Taking a step back, the narrow focus on the overall number of jobs or hours worked is a flawed way of measuring the impact of minimum wage increases, because what matters to low-wage working people is their total income throughout the year. Even those low-wage workers who may see a reduction in hours or even lose a job are likely to be better off with a higher minimum wage over the course of the year. That’s because frequent turnover in low-wage occupations means most low-wage workers already typically hold multiple jobs over the course of a year, and the higher wages will more than offset the reduction in hours for most impacted workers, resulting in an increase in total annual earnings.

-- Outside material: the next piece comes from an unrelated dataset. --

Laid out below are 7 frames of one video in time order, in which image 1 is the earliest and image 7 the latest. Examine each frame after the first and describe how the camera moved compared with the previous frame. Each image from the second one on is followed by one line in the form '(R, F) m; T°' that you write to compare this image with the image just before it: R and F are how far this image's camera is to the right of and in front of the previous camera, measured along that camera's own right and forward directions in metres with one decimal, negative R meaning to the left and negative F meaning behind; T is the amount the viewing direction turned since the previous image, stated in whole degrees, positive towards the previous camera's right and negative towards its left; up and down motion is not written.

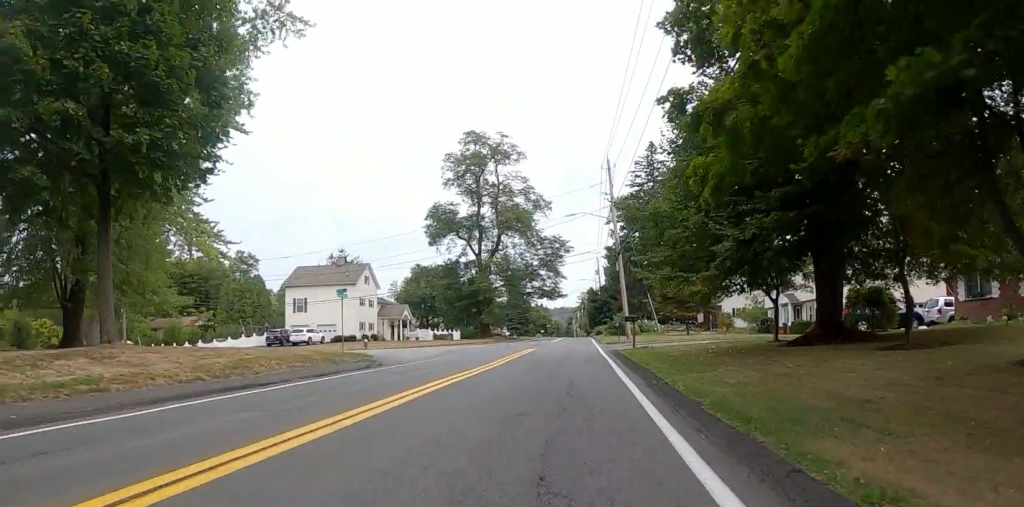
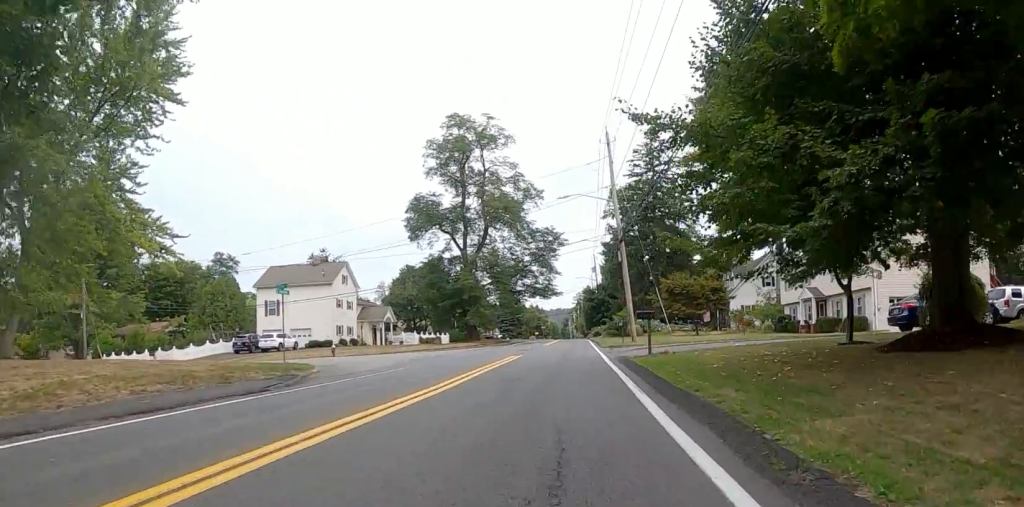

Even after factoring in possible employment losses, a number of studies have shown significant increased overall earnings for low-wage working people and reductions in poverty rates from raising the minimum wage. That’s likely due to the substantial benefits for the vast majority of low-wage working people who retain their jobs and, for those who do lose a job, the likelihood that over the course of a year increased earnings from other jobs would offset the loss. For example, the recent Congressional Budget Office (CBO) report that relies heavily on studies of just a few minimum wage increases rather than high-quality analyses of all recent minimum wage increases provides estimates that a national $15 minimum wage would result in some job losses. Yet if those estimated losses are compared to the number of workers who would be impacted by minimum wage increases, basic math shows that 95.5% of all impacted workers would remain employed and would see sizable wage increases, with many of those workers who do lose jobs finding another one within a short time. As a result, even after accounting for their expectations of employment losses, the data in that CBO study shows that average annual earnings would increase by $1,500 for impacted workers. This is especially good news for Black and Latinx workers who are more likely than white workers to currently be paid under $15 an hour.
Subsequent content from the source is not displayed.